Cross Entropy is used to solve binary classification problems.
Usualy it's used with an activation function for the output layer that gives probabilities suming to $1$ in each row, like softmax.  
The predictions $\hat{y} \in \mathbb{R}^{n*k}$ are probabilities to belong to each of the k classes.  
The true values $y\in \mathbb{R}^{n*k}$ are one-hot vectors, with a $1$ entry in the true class.

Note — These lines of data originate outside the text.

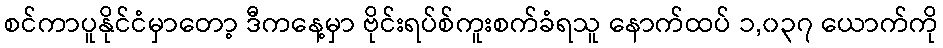
စင်ကာပူနိုင်ငံမှာတော့ ဒီကနေ့မှာ ဗိုင်းရပ်စ်ကူးစက်ခံရသူ နောက်ထပ် ၁,၀၃၇ ယောက်ကို
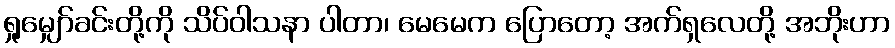
ရှုမျှော်ခင်းတို့ကို သိပ်ဝါသနာ ပါတာ၊ မေမေက ပြောတော့ အက်ရှလေတို့ အဘိုးဟာ
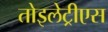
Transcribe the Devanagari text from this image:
तोइलेट्रीएस
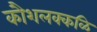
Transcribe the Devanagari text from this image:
कौशलक्कळि
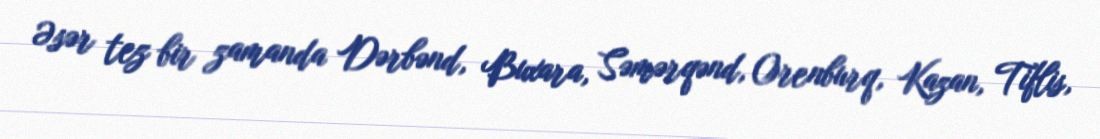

$$J(W) = - \sum_{i=1}^n \sum_{j=1}^k [y_{ij} log(\hat{y_{ij}})]$$

$$\frac{\partial J(W)}{\partial \hat{y}} =  - \frac{y}{\hat{y}}$$
Let $\hat y = $softmax$(o)$, $o \in \mathbb{R}^{n*k}$ (final activation is softmax).
$$\frac{\partial J(W)}{\partial o} = \hat{y} - y$$

In [16]:
def cross_entropy(y_pred, y_true):
    return - np.sum(y_true * np.log(y_pred))

def cross_entropy_dy_out(dout, y_out, y_true):
    y_pred = softmax(y_out)
    return dout * (y_pred - y_true)

### MAE (Mean Absolute Error) or L1 Loss

The predictions of the model are denoted $\hat{y} \in \mathbb{R}^n$.  
The true values are denoted $y \in \mathbb{R}^n$.

$$J(W) = \frac{1}{n} \sum_{i=1}^n|y_i - \hat{y}_i|$$
$$\frac{\partial J(W)}{\partial \hat{y}} = \frac{1}{n} sign(\hat{y} - y)$$
$$\frac{\partial J(W)}{\partial y} = \frac{1}{n} sign(y - \hat{y})$$

In [17]:
def mae(y_pred, y_true):
    n = len(y_true)
    return (1 / n) * np.sum(np.abs(y_true - y_pred))

def mae_dy_pred(dout, y_pred, y_true):
    n = len(y_true)
    return dout * (1 / n) * np.sign(y_pred - y_true)